Personal information
- Full name: Abdul Wahid Bangalzai
- Born: 4 March 2003 (age 23) Quetta, Balochistan, Pakistan
- Batting: Right-handed
- Bowling: Right-arm off-break
- Role: Batsman

Domestic team information
- 2020/21–present: Balochistan
- 2022: Quetta Gladiators (squad no. 11)
- Source: ESPNcricinfo, 3 February 2022

= Abdul Bangalzai =

Pakistani cricketer

Abdul Bangalzai (born 4 March 2003) is a Pakistani cricketer.

== Early career ==
Bangalzai was born in Quetta into a poor family, his father being a truck worker who had to borrow money to buy his first white playing kit, Bangalzai often going to bed without having dinner, but due to the PCB's Pathways Programme, providing financial help as well educational scholarship and elite coaching, Bangulzai could continue his professional cricket career at Under-19 level.

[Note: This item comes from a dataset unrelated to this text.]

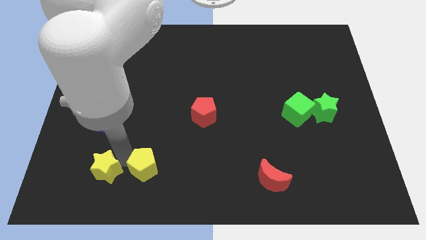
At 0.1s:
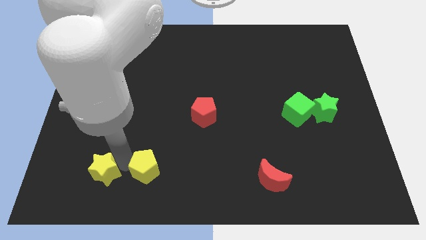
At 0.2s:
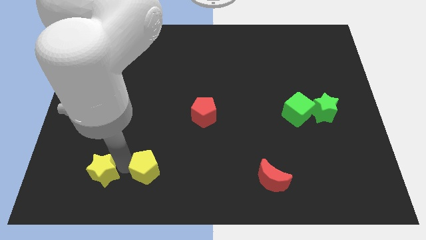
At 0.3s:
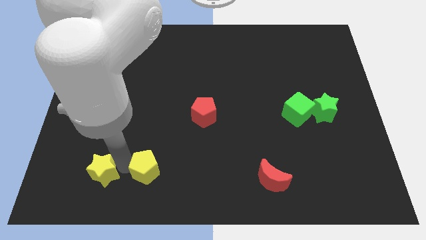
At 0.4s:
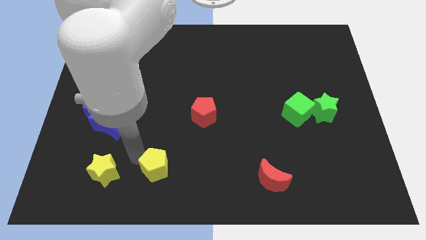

In December 2019, due to his performances, he was named in Pakistan's squad for the 2020 Under-19 Cricket World Cup.

==Domestic career==
In October 2020, Bangalzai made his Twenty20 debut for Balochistan in the 2020–21 National T20 Cup.

In January 2021, he was named in Balochistan's squad for the 2020–21 Pakistan Cup. He made his List A debut on 8 January 2021, for Balochistan, in the 2020–21 Pakistan Cup, opening the innings and scoring 36 runs to help his team to a comfortable win in pursuit of 285 runs.

In October 2021, he made his first-class debut for Balochistan in the 2021–22 Quaid-e-Azam Trophy.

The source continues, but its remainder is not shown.